When the characters start trying to escape, however, OUT OF ORDER shines.  Schenkel does a fine job with the actual thriller aspects, instilling every moment where the characters leave the elevator itself and get into the shaft with tension.  Sure, you could argue that watching tension wires slowly come apart and break may get old after the fifth or sixth cutaway, but the film is edited well, meaning that the actual thriller portions of the thriller are well-made.

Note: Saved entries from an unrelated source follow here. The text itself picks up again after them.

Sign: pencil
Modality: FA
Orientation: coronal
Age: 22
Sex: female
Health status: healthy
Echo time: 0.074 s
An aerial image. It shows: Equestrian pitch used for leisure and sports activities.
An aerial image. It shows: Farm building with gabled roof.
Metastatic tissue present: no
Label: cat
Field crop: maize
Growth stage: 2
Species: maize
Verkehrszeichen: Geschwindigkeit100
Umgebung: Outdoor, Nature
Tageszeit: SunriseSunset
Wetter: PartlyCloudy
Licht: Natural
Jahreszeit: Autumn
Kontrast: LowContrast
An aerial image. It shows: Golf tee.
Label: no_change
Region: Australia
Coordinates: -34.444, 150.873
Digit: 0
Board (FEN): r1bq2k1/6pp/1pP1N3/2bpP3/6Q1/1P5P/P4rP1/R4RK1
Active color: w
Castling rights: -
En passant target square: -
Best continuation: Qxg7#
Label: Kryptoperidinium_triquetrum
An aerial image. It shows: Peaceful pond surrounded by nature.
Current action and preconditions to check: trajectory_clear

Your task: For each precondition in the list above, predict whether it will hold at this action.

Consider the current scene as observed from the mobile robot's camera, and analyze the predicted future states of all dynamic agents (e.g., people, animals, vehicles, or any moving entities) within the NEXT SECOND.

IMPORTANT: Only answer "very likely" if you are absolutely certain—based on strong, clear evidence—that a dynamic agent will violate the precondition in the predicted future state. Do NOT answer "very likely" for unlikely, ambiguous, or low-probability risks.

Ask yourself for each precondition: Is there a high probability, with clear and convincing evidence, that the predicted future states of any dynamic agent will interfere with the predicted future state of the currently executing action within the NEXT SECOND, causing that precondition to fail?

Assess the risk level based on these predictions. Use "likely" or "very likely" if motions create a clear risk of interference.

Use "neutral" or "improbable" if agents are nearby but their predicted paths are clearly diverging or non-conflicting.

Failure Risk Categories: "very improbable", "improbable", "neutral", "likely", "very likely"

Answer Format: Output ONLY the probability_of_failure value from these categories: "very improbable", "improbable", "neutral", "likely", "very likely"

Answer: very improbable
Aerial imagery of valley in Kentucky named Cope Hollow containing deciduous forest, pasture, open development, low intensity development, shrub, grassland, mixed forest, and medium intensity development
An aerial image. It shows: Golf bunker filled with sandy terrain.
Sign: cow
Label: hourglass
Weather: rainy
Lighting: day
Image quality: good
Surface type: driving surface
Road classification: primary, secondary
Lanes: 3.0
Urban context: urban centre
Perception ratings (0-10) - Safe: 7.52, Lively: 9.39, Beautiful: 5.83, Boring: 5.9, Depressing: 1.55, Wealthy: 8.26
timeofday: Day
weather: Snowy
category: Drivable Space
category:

Granted, even at 83 minutes, OUT OF ORDER’s limited premise and character set wears a bit thin.  (You could easily shave ten minutes off of the running time without losing anything of value.)  It’s still a solid, relatively captivating thriller that satisfies the “elevator thriller” niche in a much more solid way than THE LIFT.  

Was there ever a subtitled version of this film released in the U.S.?  What are your favorite elevator suspense scenes?